Ensure each item in the plan is independent of each other so they can be instructed to an LLM one at a time without needing additional context.
"""

    messages_format.append({"role": "user", "content": plan_prompt})

    # Step 1: Get the response from the local model
    response = send_request_to_api(messages_format, "chat_llama_cpp")
    plan = response["choices"][0]["message"]["content"]

    print(f"Got the plan: {plan[:30]}")

    lists = extract_lists(plan)
    if len(lists) == 1:
        lists = lists[0]

    step_solutions = []  # type: ignore
    for ls in lists:
        print(f"Asking for solution to {ls}")

        messages_format = []
        for user_msg, bot_msg in history:
            if user_msg:
                messages_format.append({"role": "user", "content": user_msg})
            if bot_msg:
                messages_format.append({"role": "system", "content": bot_msg})

        messages_format.append({"role": "user", "content": message})
        messages_format.append(
            {
                "role": "user",
                "content": ("Next lets do this only and nothing else:" + ls if type(ls) is str else "\n".join(ls)),
            }
        )

        response = send_request_to_api(messages_format, "chat_llama_cpp")
        _resp = response["choices"][0]["message"]["content"]
        step_solutions.append((_resp, ls))

    solutions = "\n\n# Next\n---\n\n".join([x[0] for x in step_solutions])

    return f"""
# Plan

---

{plan}

# Solutions

---

{solutions}

"""

chat_interface = gr.ChatInterface(
    fn=predict,
    title="Chat with chain-of-thought waifu",
    description="Type your message below and get responses from our AI.",
    theme=gr.themes.Monochrome(),
)


if __name__ == "__main__":
    chat_interface.launch()

run it with:

python ./chat_chain.py

Now a small query like create plan for angry birds will result in a high level plan, followed by plans for implementing each item from the high level plan.

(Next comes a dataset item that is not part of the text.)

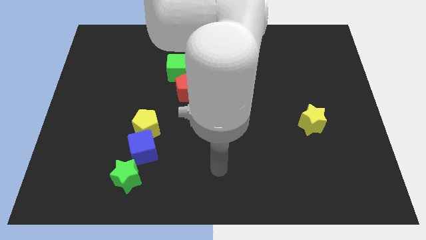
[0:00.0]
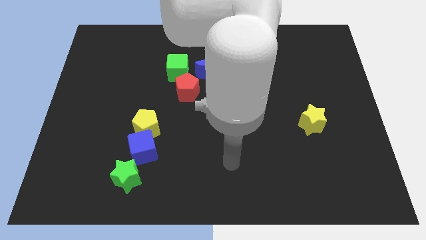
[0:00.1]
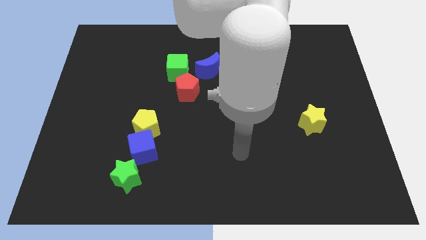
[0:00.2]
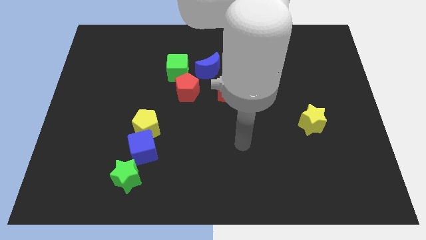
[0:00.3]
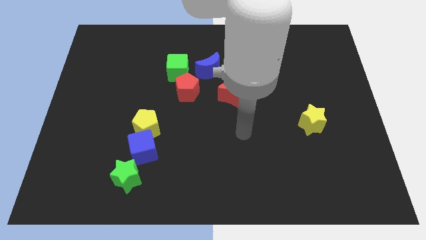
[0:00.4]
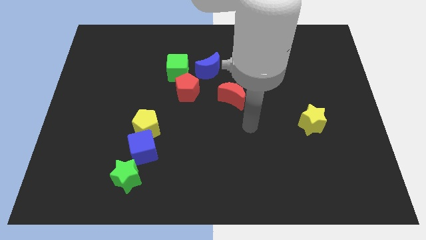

As we can see from the logs:

Asking for solution to ['2. Design the game environment: create a 2D plane with various structures and obstacles for the pigs to inhabit and for the birds to interact with.']
Asking for solution to ['3. Develop the Angry Birds: create different types of birds with unique abilities such as normal bird for basic damage, red bird for explosive damage, blue bird for splitting into three upon impact, and yellow bird for creating stars that destroy multiple pigs or structures.']
Asking for solution to ['4. Implement physics engine: use a physics engine to simulate the behavior of the birds and structures when launched and collide with each other.']
Asking for solution to ['5. Create the user interface (UI): design an intuitive UI for players to interact with, including a slingshot for launching birds, a display for showing the current level and progress, and a menu for accessing different levels and game settings.']
Asking for solution to ['6. Develop the game logic: write the rules for how the game progresses, including scoring, level completion, and game over conditions.']
Asking for solution to ['7. Implement sound effects and background music: add appropriate sounds for various game events such as bird launching, pig destruction, and level completion.']
Asking for solution to ['8. Test and debug the game: thoroughly test the game for any bugs or inconsistencies and make necessary adjustments.']
Asking for solution to ['9. Optimize game performance: optimize the game for smooth gameplay and minimal lag, especially on older devices or slower networks.']
Asking for solution to ['10. Release and market the game: release the game on various mobile platforms and promote it through social media, app stores, and other channels to attract players and build a community.']

the script gets a plan conssiting of independent steps, then asks the LLM to implement each step individually.

A large number of variations exist of this method, and many of them use GPT-4 to surpass its usual capabilities.

Play around

There are 61,542 models on the huggingface, and all the excitement of the ecosystem!